Saved entries
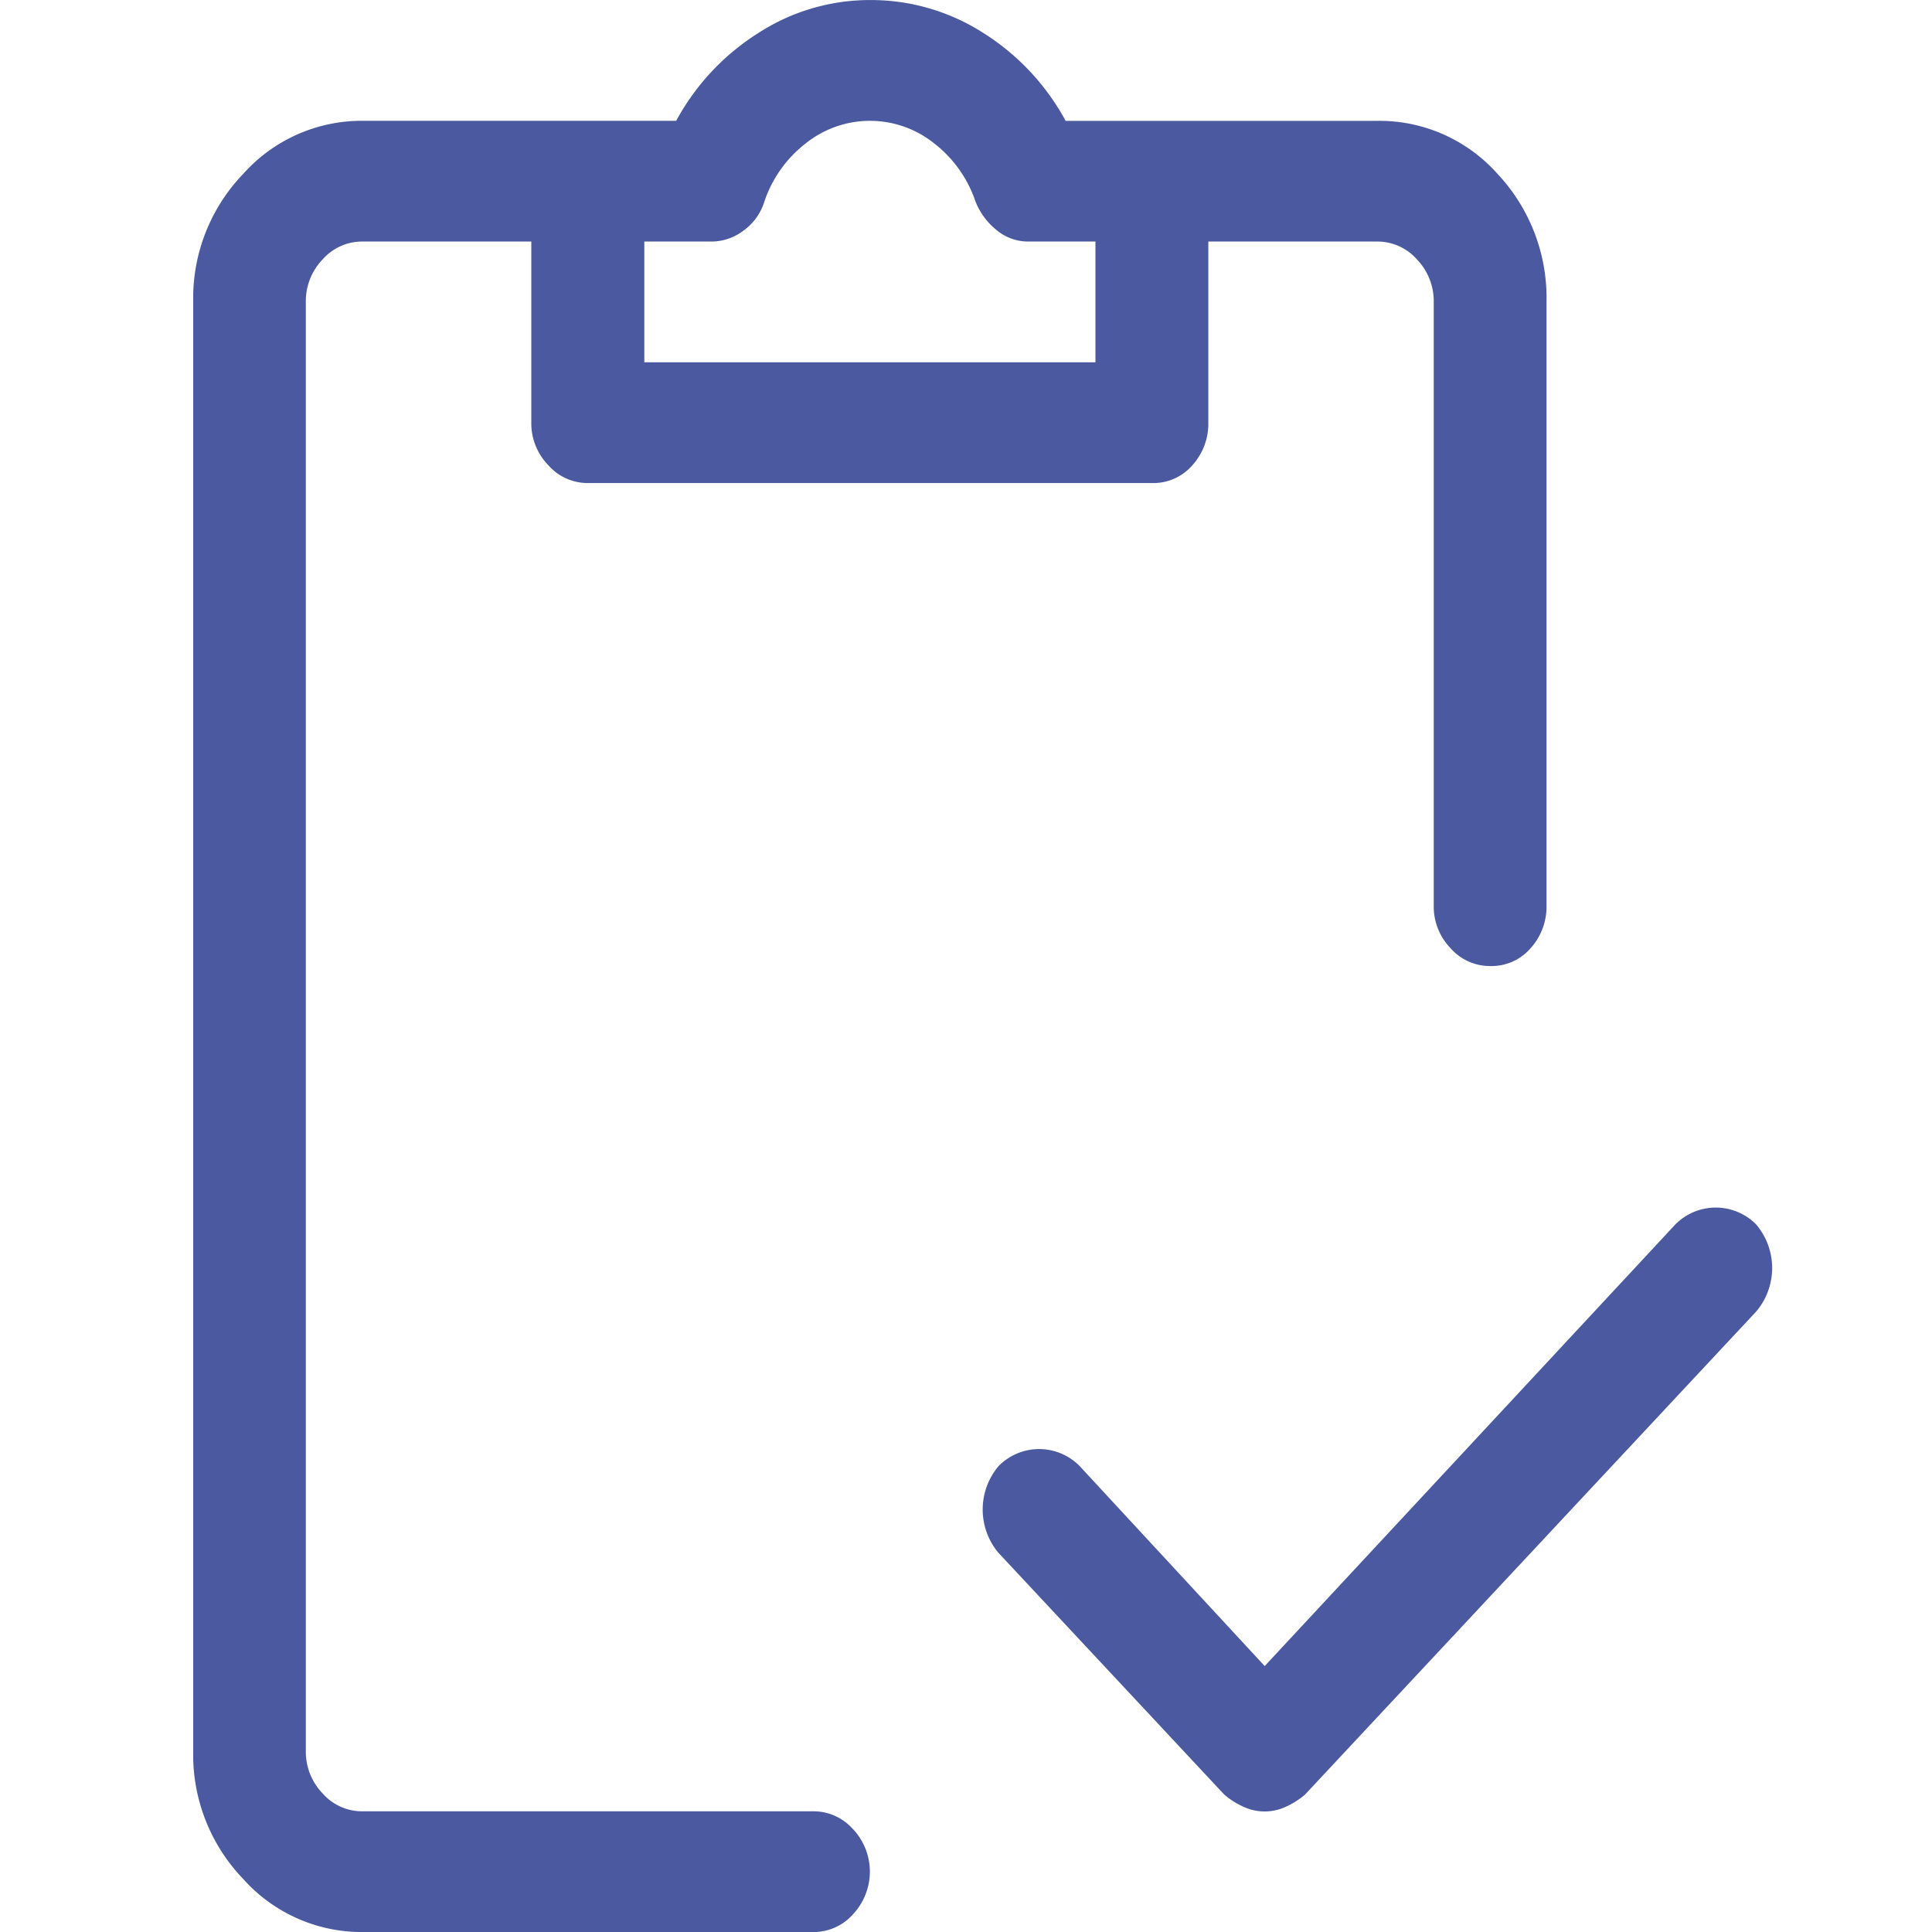 <svg xmlns="http://www.w3.org/2000/svg" xmlns:xlink="http://www.w3.org/1999/xlink" width="40" height="40" viewBox="0 0 40 40">
  <defs>
    <clipPath id="clip-path">
      <rect id="Rectangle_580" data-name="Rectangle 580" width="33" height="40" fill="#4b5aa0" stroke="rgba(0,0,0,0)" stroke-width="1"/>
    </clipPath>
  </defs>
  <g id="ikon" transform="translate(-1055 -482.175)">
    <g id="Rectangle_575" data-name="Rectangle 575" transform="translate(1055 482.175)" fill="#fff" stroke="#fff" stroke-width="1">
      <rect width="40" height="40" stroke="none"/>
      <rect x="0.5" y="0.5" width="39" height="39" fill="none"/>
    </g>
    <g id="Group_332" data-name="Group 332" transform="translate(1059 482.176)">
      <g id="Group_331" data-name="Group 331" transform="translate(0 0)" clip-path="url(#clip-path)">
        <path id="Path_131" data-name="Path 131" d="M13.663,37.871a1.288,1.288,0,0,1,0,1.758,1.09,1.09,0,0,1-.821.371H3.5A3.289,3.289,0,0,1,1.04,38.906,3.712,3.712,0,0,1,0,36.25v-30A3.715,3.715,0,0,1,1.04,3.594,3.288,3.288,0,0,1,3.5,2.5H10a4.907,4.907,0,0,1,1.7-1.817A4.247,4.247,0,0,1,14.01,0a4.311,4.311,0,0,1,2.353.684,4.922,4.922,0,0,1,1.7,1.817h6.457A3.273,3.273,0,0,1,27,3.594,3.755,3.755,0,0,1,28.019,6.25v12.5a1.281,1.281,0,0,1-.328.879,1.069,1.069,0,0,1-.839.371,1.084,1.084,0,0,1-.821-.371,1.241,1.241,0,0,1-.347-.879V6.25a1.248,1.248,0,0,0-.347-.879A1.09,1.09,0,0,0,24.517,5h-3.5V8.75a1.281,1.281,0,0,1-.328.879,1.069,1.069,0,0,1-.839.371H8.172a1.084,1.084,0,0,1-.821-.371A1.241,1.241,0,0,1,7,8.75V5H3.5a1.087,1.087,0,0,0-.821.371,1.244,1.244,0,0,0-.347.879v30a1.241,1.241,0,0,0,.347.879A1.084,1.084,0,0,0,3.5,37.5h9.34a1.087,1.087,0,0,1,.821.371M9.34,7.5h9.34V5H17.293a1.019,1.019,0,0,1-.657-.235A1.439,1.439,0,0,1,16.2,4.18a2.561,2.561,0,0,0-.857-1.211,2.127,2.127,0,0,0-2.663,0,2.549,2.549,0,0,0-.857,1.211,1.154,1.154,0,0,1-.42.586A1.1,1.1,0,0,1,10.726,5H9.34ZM32.361,25.352a1.394,1.394,0,0,1,0,1.8l-9.34,10a1.632,1.632,0,0,1-.4.254,1.032,1.032,0,0,1-.876,0,1.609,1.609,0,0,1-.4-.254l-4.67-5a1.394,1.394,0,0,1,0-1.8,1.177,1.177,0,0,1,1.678,0l3.831,4.141,8.5-9.141a1.177,1.177,0,0,1,1.678,0" transform="translate(0 0)" fill="#4b5aa0" stroke="rgba(0,0,0,0)" stroke-width="1"/>
      </g>
    </g>
  </g>
</svg>

* _Task brief_: Repeat every entry above exactly as written and omit any pictures it holds.

* _Written response_:
 <svg xmlns="http://www.w3.org/2000/svg" xmlns:xlink="http://www.w3.org/1999/xlink" width="40" height="40" viewBox="0 0 40 40">
  <defs>
    <clipPath id="clip-path">
      <rect id="Rectangle_580" data-name="Rectangle 580" width="33" height="40" fill="#4b5aa0" stroke="rgba(0,0,0,0)" stroke-width="1"/>
    </clipPath>
  </defs>
  <g id="ikon" transform="translate(-1055 -482.175)">
    <g id="Rectangle_575" data-name="Rectangle 575" transform="translate(1055 482.175)" fill="#fff" stroke="#fff" stroke-width="1">
      <rect width="40" height="40" stroke="none"/>
      <rect x="0.5" y="0.5" width="39" height="39" fill="none"/>
    </g>
    <g id="Group_332" data-name="Group 332" transform="translate(1059 482.176)">
      <g id="Group_331" data-name="Group 331" transform="translate(0 0)" clip-path="url(#clip-path)">
        <path id="Path_131" data-name="Path 131" d="M13.663,37.871a1.288,1.288,0,0,1,0,1.758,1.09,1.09,0,0,1-.821.371H3.5A3.289,3.289,0,0,1,1.04,38.906,3.712,3.712,0,0,1,0,36.25v-30A3.715,3.715,0,0,1,1.04,3.594,3.288,3.288,0,0,1,3.5,2.5H10a4.907,4.907,0,0,1,1.7-1.817A4.247,4.247,0,0,1,14.01,0a4.311,4.311,0,0,1,2.353.684,4.922,4.922,0,0,1,1.7,1.817h6.457A3.273,3.273,0,0,1,27,3.594,3.755,3.755,0,0,1,28.019,6.25v12.5a1.281,1.281,0,0,1-.328.879,1.069,1.069,0,0,1-.839.371,1.084,1.084,0,0,1-.821-.371,1.241,1.241,0,0,1-.347-.879V6.25a1.248,1.248,0,0,0-.347-.879A1.09,1.09,0,0,0,24.517,5h-3.5V8.75a1.281,1.281,0,0,1-.328.879,1.069,1.069,0,0,1-.839.371H8.172a1.084,1.084,0,0,1-.821-.371A1.241,1.241,0,0,1,7,8.75V5H3.5a1.087,1.087,0,0,0-.821.371,1.244,1.244,0,0,0-.347.879v30a1.241,1.241,0,0,0,.347.879A1.084,1.084,0,0,0,3.5,37.5h9.34a1.087,1.087,0,0,1,.821.371M9.34,7.5h9.34V5H17.293a1.019,1.019,0,0,1-.657-.235A1.439,1.439,0,0,1,16.2,4.18a2.561,2.561,0,0,0-.857-1.211,2.127,2.127,0,0,0-2.663,0,2.549,2.549,0,0,0-.857,1.211,1.154,1.154,0,0,1-.42.586A1.1,1.1,0,0,1,10.726,5H9.34ZM32.361,25.352a1.394,1.394,0,0,1,0,1.8l-9.34,10a1.632,1.632,0,0,1-.4.254,1.032,1.032,0,0,1-.876,0,1.609,1.609,0,0,1-.4-.254l-4.67-5a1.394,1.394,0,0,1,0-1.8,1.177,1.177,0,0,1,1.678,0l3.831,4.141,8.5-9.141a1.177,1.177,0,0,1,1.678,0" transform="translate(0 0)" fill="#4b5aa0" stroke="rgba(0,0,0,0)" stroke-width="1"/>
      </g>
    </g>
  </g>
</svg>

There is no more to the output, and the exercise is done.